**TASK BRIEF**
Your answer must be an exact transcription of every record below, with the pictures omitted.

***** DATA FOR REVIEW *****

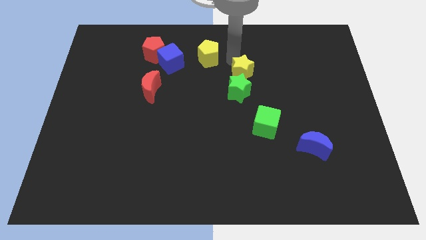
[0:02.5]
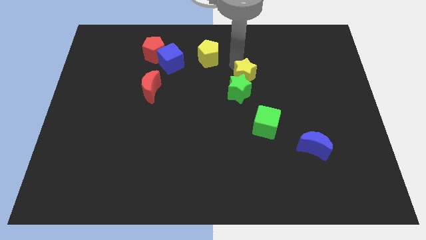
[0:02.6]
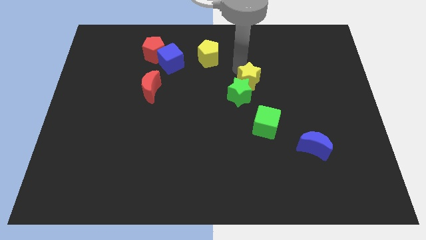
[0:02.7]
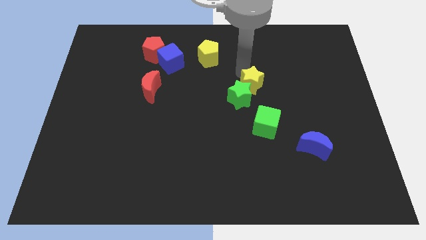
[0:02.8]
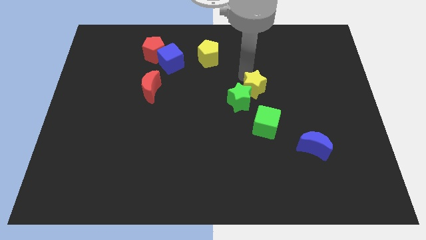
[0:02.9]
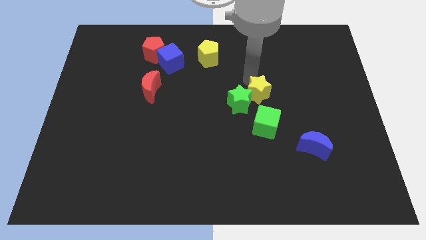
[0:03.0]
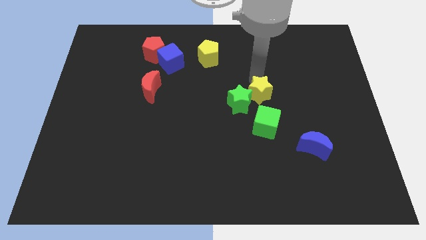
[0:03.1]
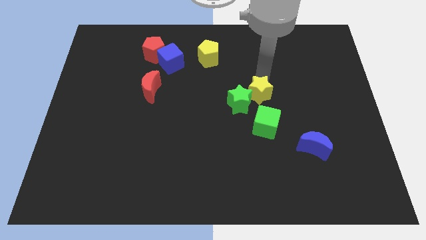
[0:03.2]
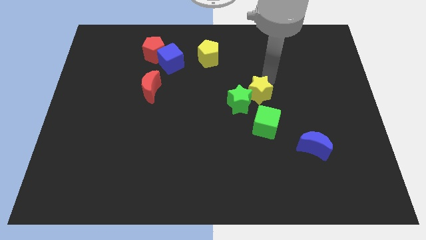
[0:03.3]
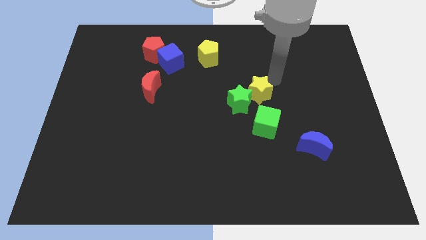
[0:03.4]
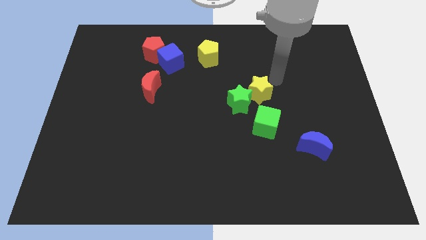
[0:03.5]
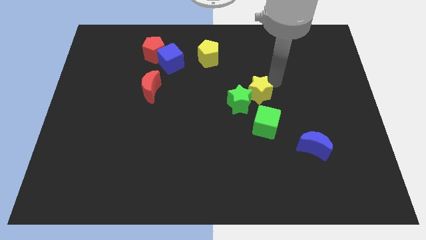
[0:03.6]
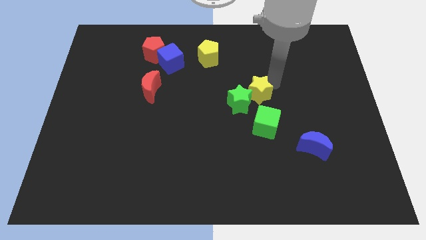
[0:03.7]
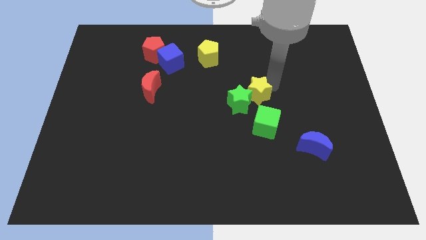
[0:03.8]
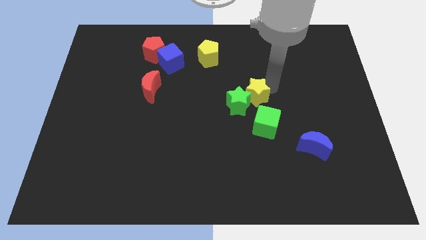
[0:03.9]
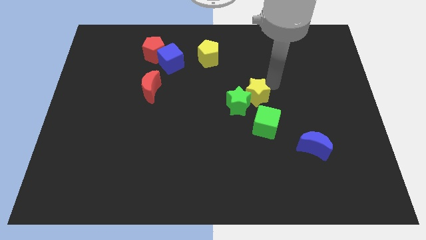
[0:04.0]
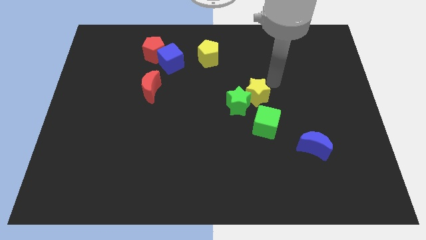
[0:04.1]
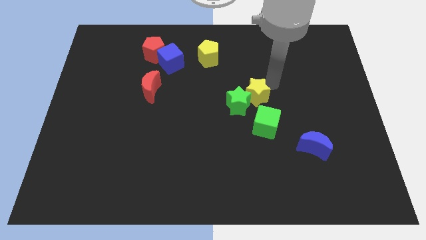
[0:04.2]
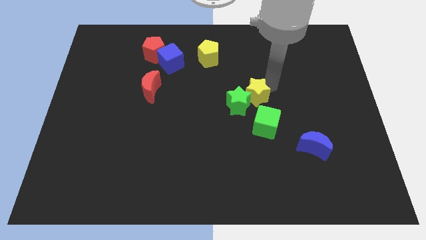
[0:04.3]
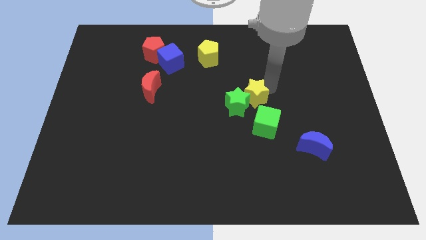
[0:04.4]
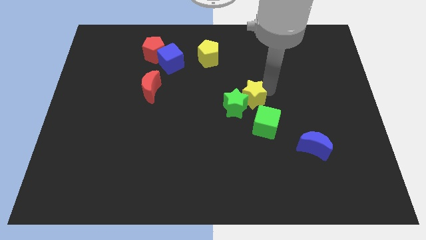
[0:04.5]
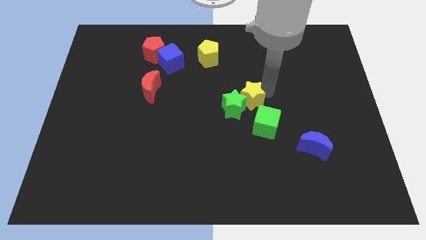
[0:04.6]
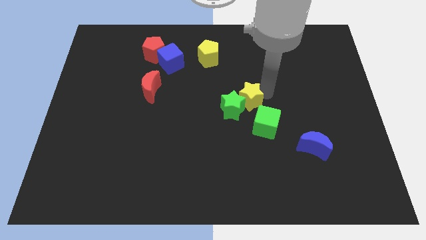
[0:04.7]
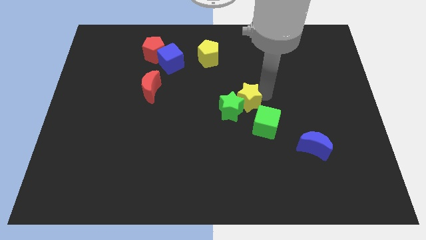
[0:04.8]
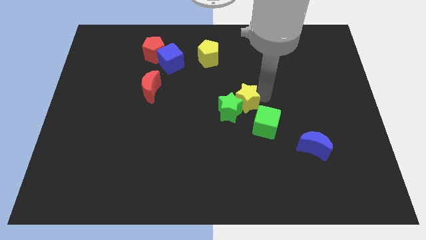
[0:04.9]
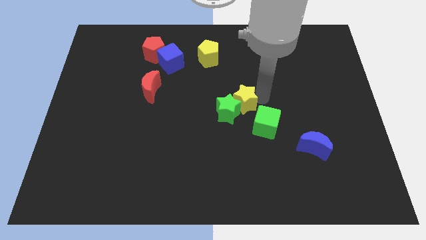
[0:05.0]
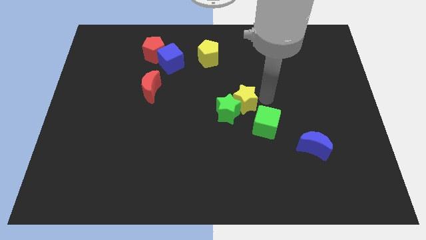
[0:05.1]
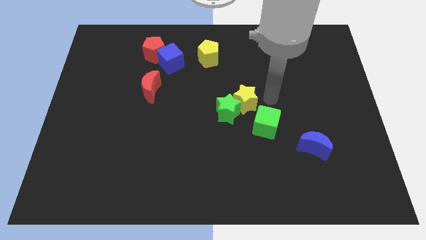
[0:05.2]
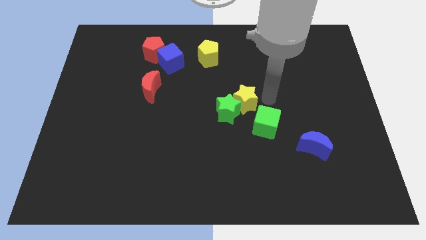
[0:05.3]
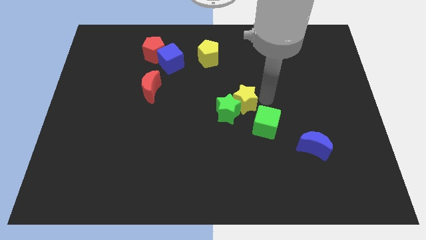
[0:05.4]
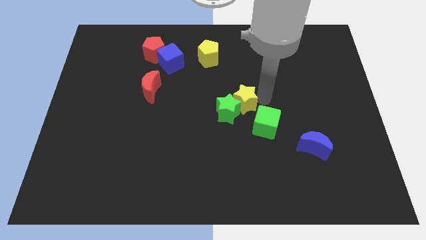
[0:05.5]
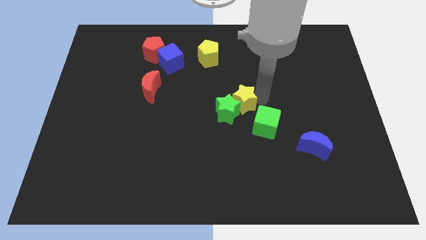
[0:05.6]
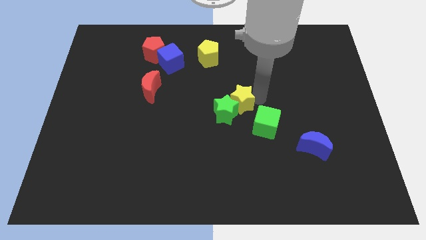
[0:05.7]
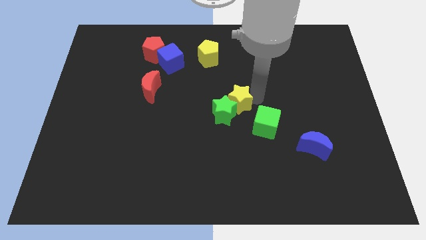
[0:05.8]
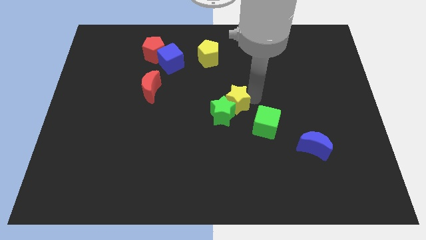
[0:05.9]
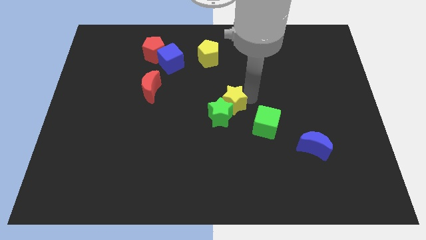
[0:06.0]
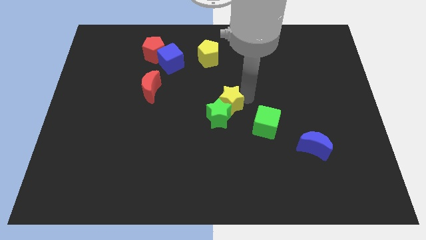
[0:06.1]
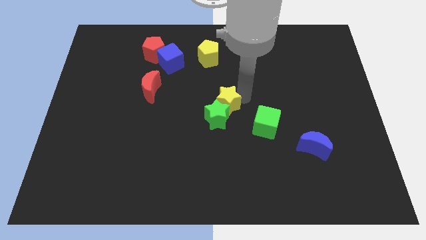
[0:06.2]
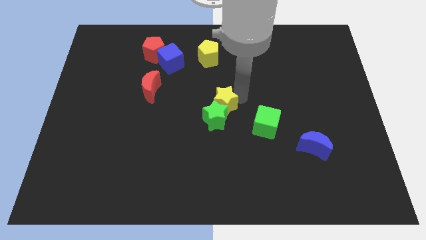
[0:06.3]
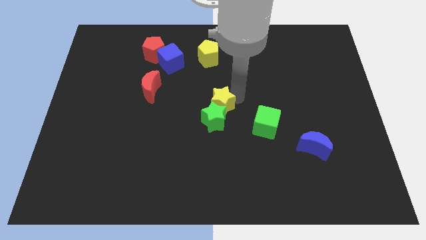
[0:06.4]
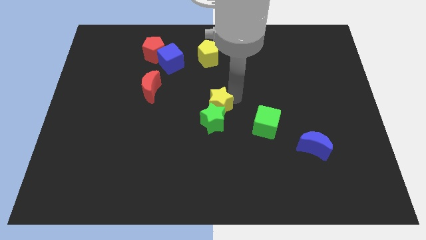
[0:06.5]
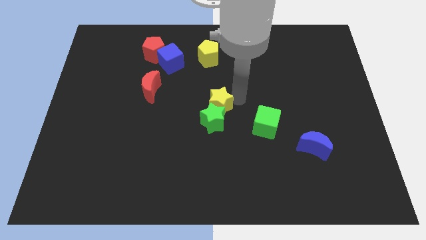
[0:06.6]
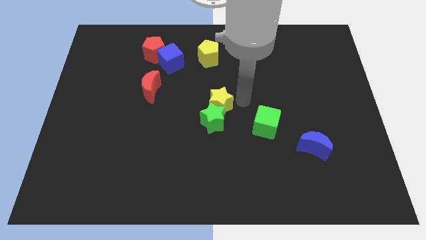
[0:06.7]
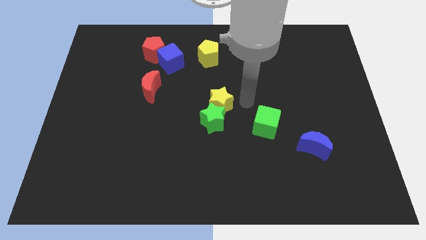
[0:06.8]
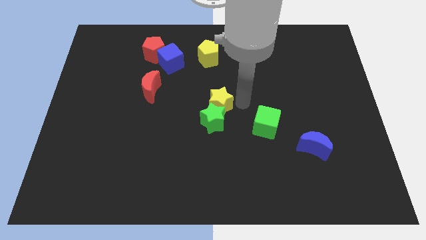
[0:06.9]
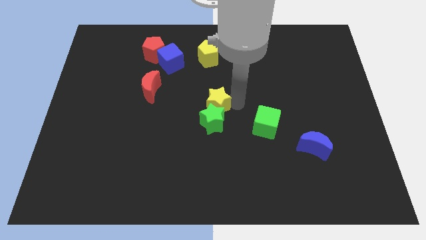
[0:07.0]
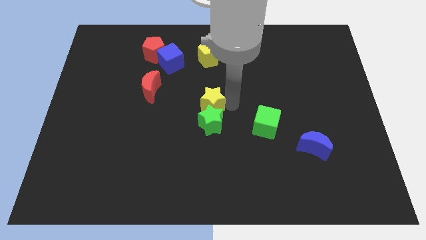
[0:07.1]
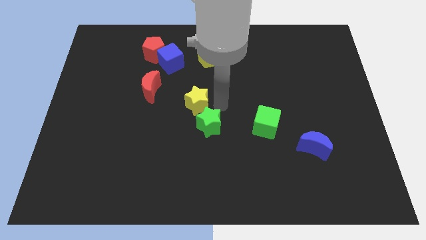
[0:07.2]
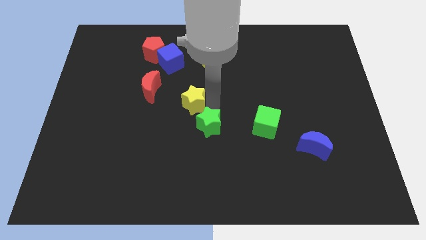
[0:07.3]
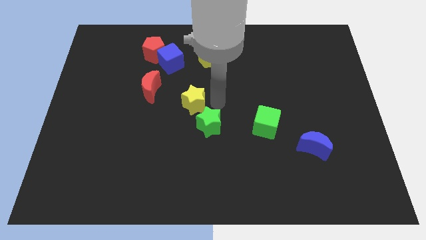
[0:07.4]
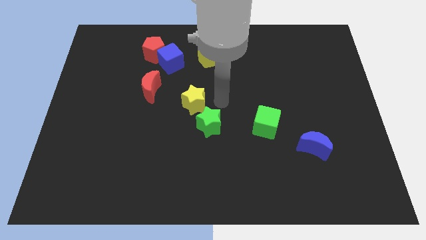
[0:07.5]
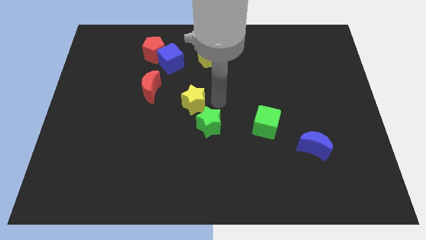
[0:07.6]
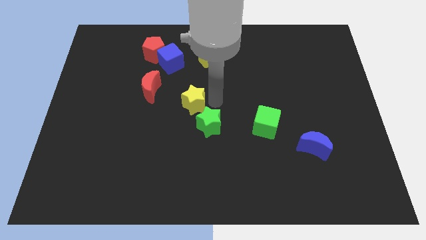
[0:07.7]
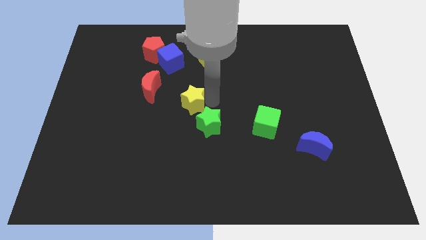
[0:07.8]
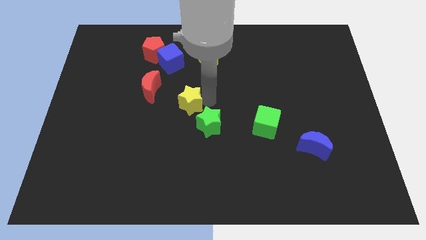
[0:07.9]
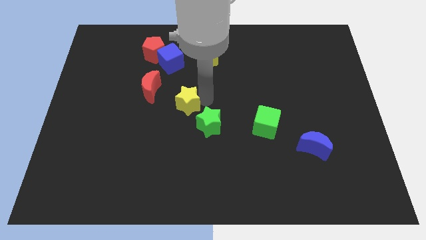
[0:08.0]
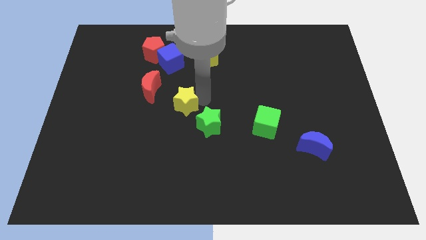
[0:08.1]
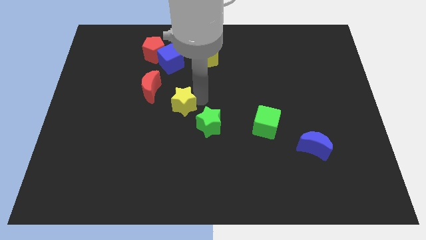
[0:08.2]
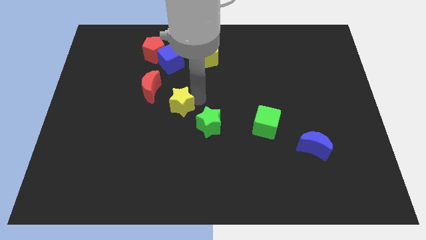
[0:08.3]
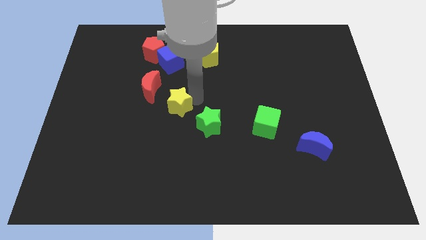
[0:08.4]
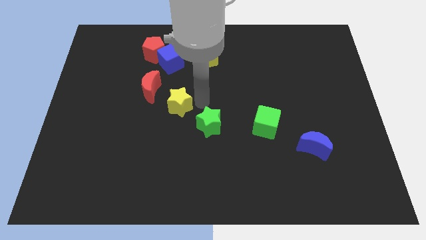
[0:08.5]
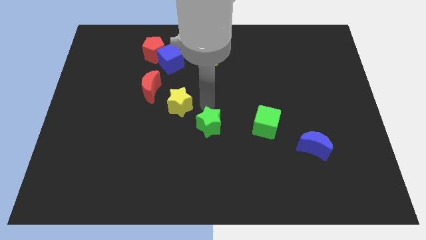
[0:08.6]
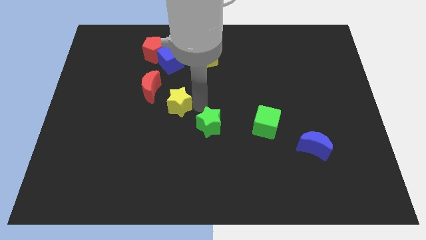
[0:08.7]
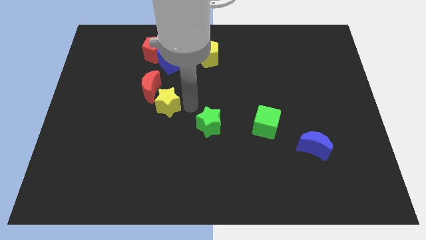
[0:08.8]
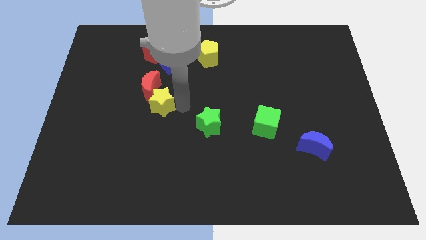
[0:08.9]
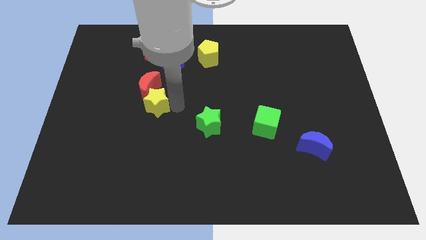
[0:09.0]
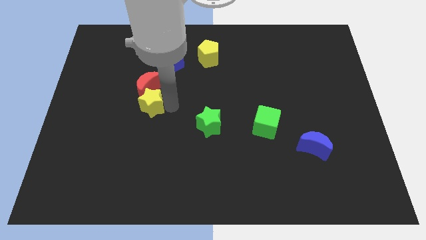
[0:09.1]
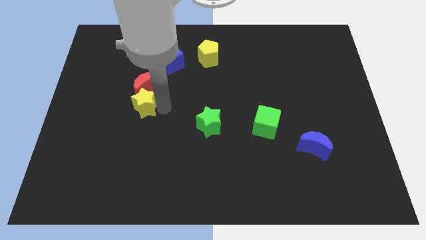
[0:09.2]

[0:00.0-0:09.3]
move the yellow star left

*****

**ANSWER SPACE**
[0:02.5]
[0:02.6]
[0:02.7]
[0:02.8]
[0:02.9]
[0:03.0]
[0:03.1]
[0:03.2]
[0:03.3]
[0:03.4]
[0:03.5]
[0:03.6]
[0:03.7]
[0:03.8]
[0:03.9]
[0:04.0]
[0:04.1]
[0:04.2]
[0:04.3]
[0:04.4]
[0:04.5]
[0:04.6]
[0:04.7]
[0:04.8]
[0:04.9]
[0:05.0]
[0:05.1]
[0:05.2]
[0:05.3]
[0:05.4]
[0:05.5]
[0:05.6]
[0:05.7]
[0:05.8]
[0:05.9]
[0:06.0]
[0:06.1]
[0:06.2]
[0:06.3]
[0:06.4]
[0:06.5]
[0:06.6]
[0:06.7]
[0:06.8]
[0:06.9]
[0:07.0]
[0:07.1]
[0:07.2]
[0:07.3]
[0:07.4]
[0:07.5]
[0:07.6]
[0:07.7]
[0:07.8]
[0:07.9]
[0:08.0]
[0:08.1]
[0:08.2]
[0:08.3]
[0:08.4]
[0:08.5]
[0:08.6]
[0:08.7]
[0:08.8]
[0:08.9]
[0:09.0]
[0:09.1]
[0:09.2]

[0:00.0-0:09.3]
move the yellow star left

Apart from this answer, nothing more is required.